The Office of Tax Simplification (OTS) has recently undertaken a review on Inheritance Tax (IHT) as requested by the chancellor and has given the following recommendations on how to simplify it.
In their report the OTS made 11 recommendations which included the following;
- A reduction in the 7 year gifting rule to 5 years. At present gifts made within 7 years of death fall back into an individual's estate. It was deemed that the requirement of 7 years for executors to be going through the deceased's estate was excessive and in some instances impractical. A reduction to 5 years would mean that more gifts will escape exposure to IHT.
- Introducing a personal lifetime gift allowance. At present there is no limit or lifetime tax payable on a gift which qualifies as a potentially exempt transfer (PET).
- Reform the exemption for normal expenditure out of income or replace it with a higher personal gift allowance
- Simplifying the interaction between IHT and Capital Gains Tax (CGT). This may involve the removal of the re-basing of assets for CGT purposes upon death.
- Removal of Taper Relief for failed PET's. Taper relief is a largely misunderstood relief with only gifts above the nil rate band actually qualifying for taper in the first instance. The reduction in the 7 year rule to 5 years would most likely benefit more than those who lose out on taper relief.
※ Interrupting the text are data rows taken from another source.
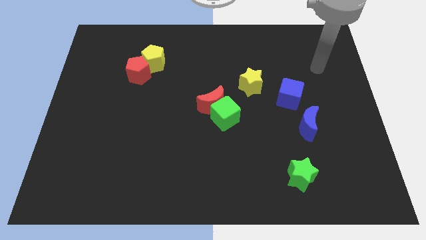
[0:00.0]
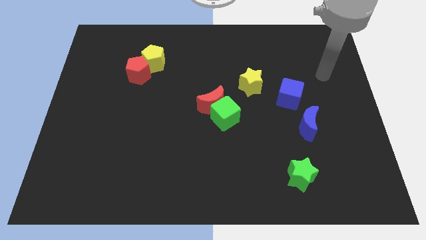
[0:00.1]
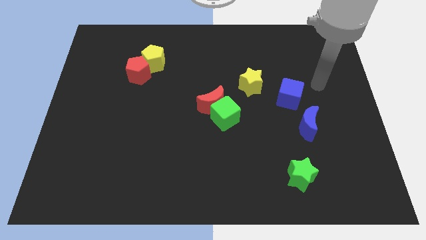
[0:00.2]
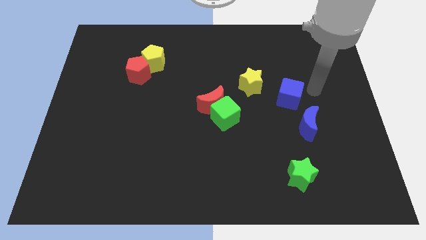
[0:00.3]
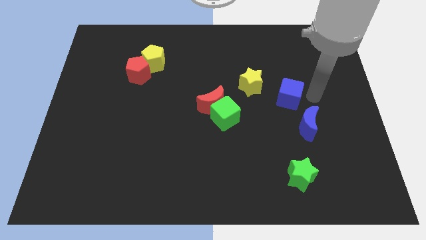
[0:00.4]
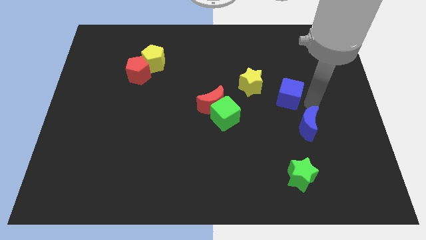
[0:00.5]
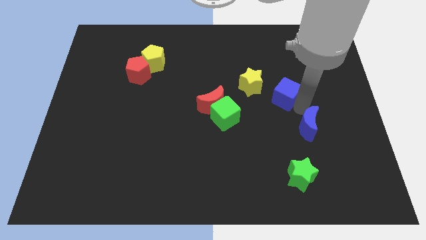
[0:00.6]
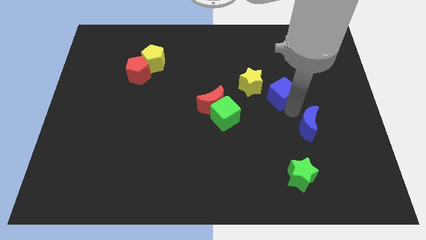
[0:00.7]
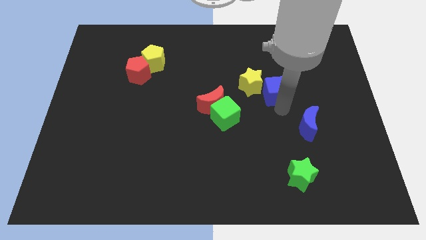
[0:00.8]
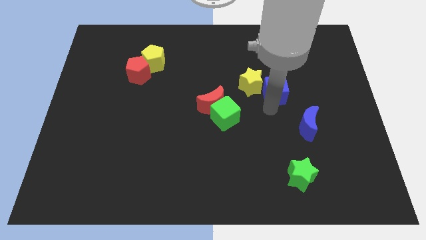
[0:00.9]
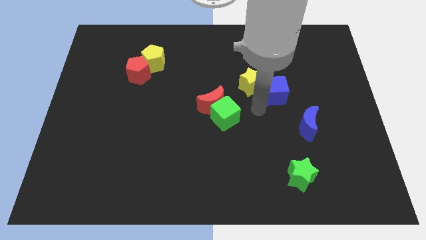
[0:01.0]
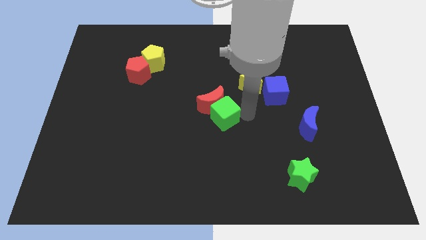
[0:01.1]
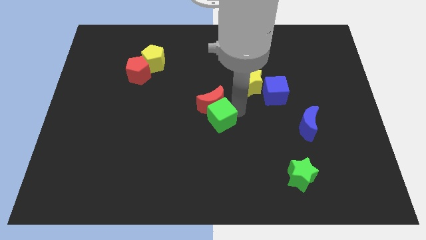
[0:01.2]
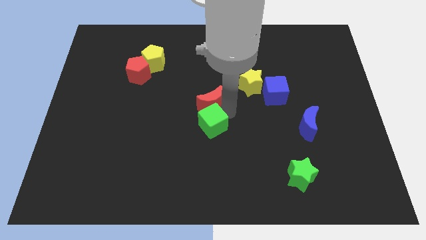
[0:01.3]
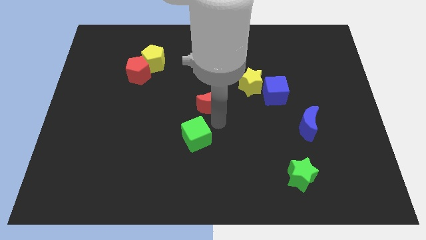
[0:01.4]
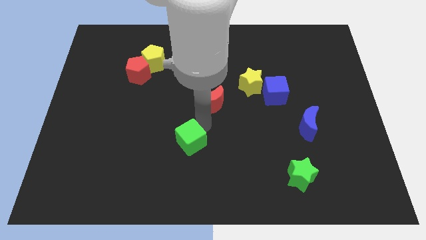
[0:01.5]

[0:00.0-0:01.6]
pull the red moon apart from the green cube

- Consider whether it continues to be appropriate for the level of trading to be set at lower levels for Business Property Relief (BPR), than that for other Capital taxes such as Holdover Relief and Entrepreneur's Relief. At present for a business to qualify for BPR on death (an exemption from IHT), the business effectively needs to have a >50% trading requirement. It will be interesting to see if any amendment to this test makes BPR qualification more difficult by aligning qualification with the CGT rules.
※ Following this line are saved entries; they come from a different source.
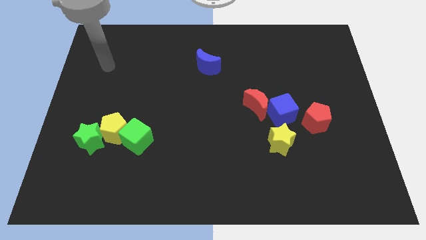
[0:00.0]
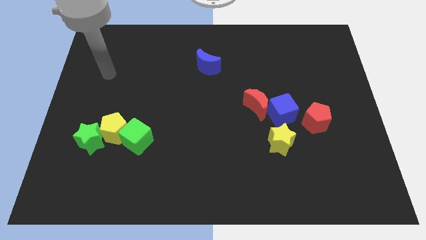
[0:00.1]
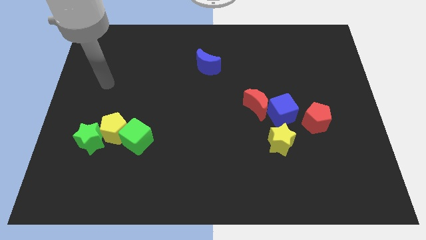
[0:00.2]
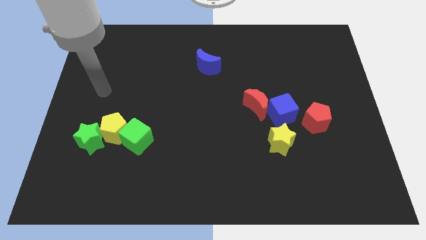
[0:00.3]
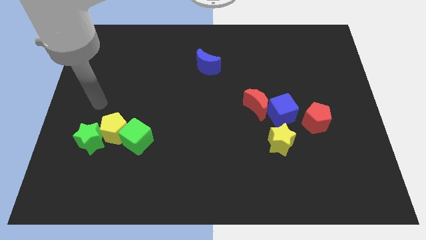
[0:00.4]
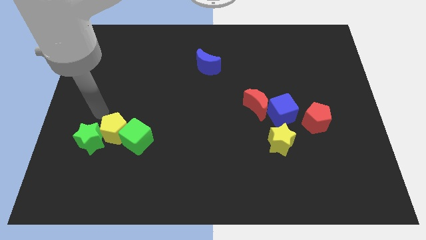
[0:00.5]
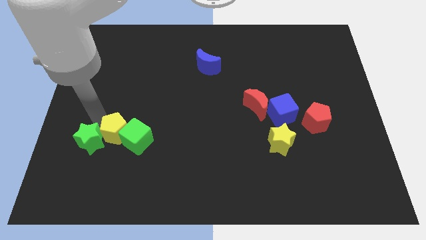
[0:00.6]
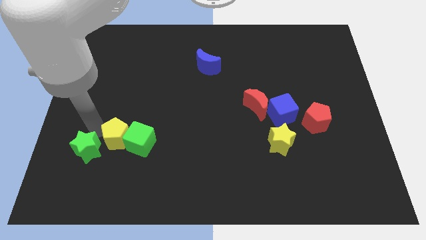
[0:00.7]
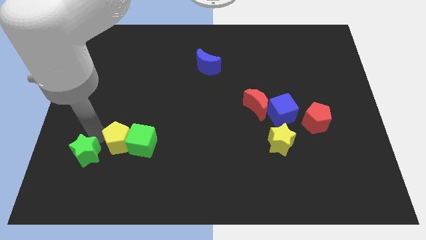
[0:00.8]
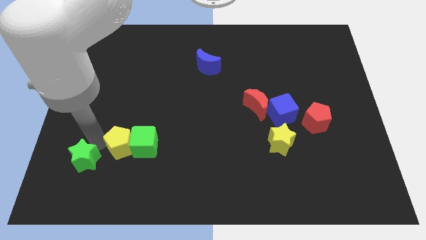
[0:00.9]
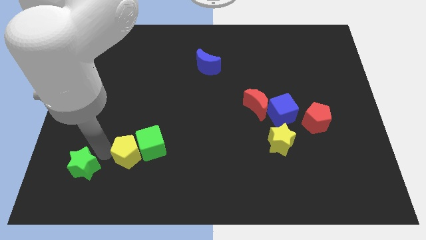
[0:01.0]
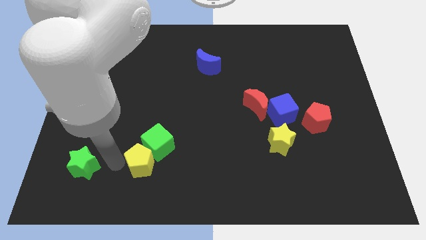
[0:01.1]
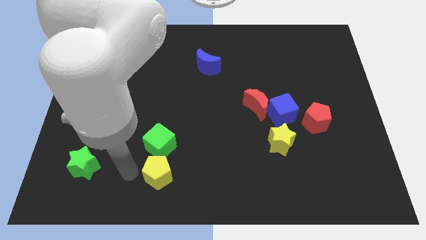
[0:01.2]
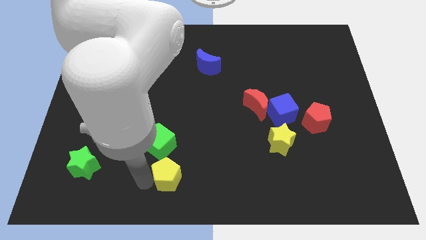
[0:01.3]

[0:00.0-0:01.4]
move the yellow pentagon away from the green star and green cube

- Review of the treatment of Furnished Holiday Lets and whether to align the IHT treatment to that of the income tax and CGT, where they are treated as a trade providing certain conditions are met. This would be interesting as at present HMRC's view is that in general Furnished Holiday Lets do not qualify for BPR.
One area where there was no proposal for simplification was the recently introduced Residence Nil Rate Band (RNRB). Ironically this is one of the most complicated areas of IHT and was possibly a missed opportunity to simplify the working of this relief to provide greater clarity for all.
In summary, these are only proposals, and the next step will be for them to be discussed, agreed, and then possibly in one form or another make it into legislation.
So whilst it is still early days, this does prove that the current IHT rules are being reviewed by HMRC, and we will be sure to keep you updated if and when the proposals become finalised and legislated.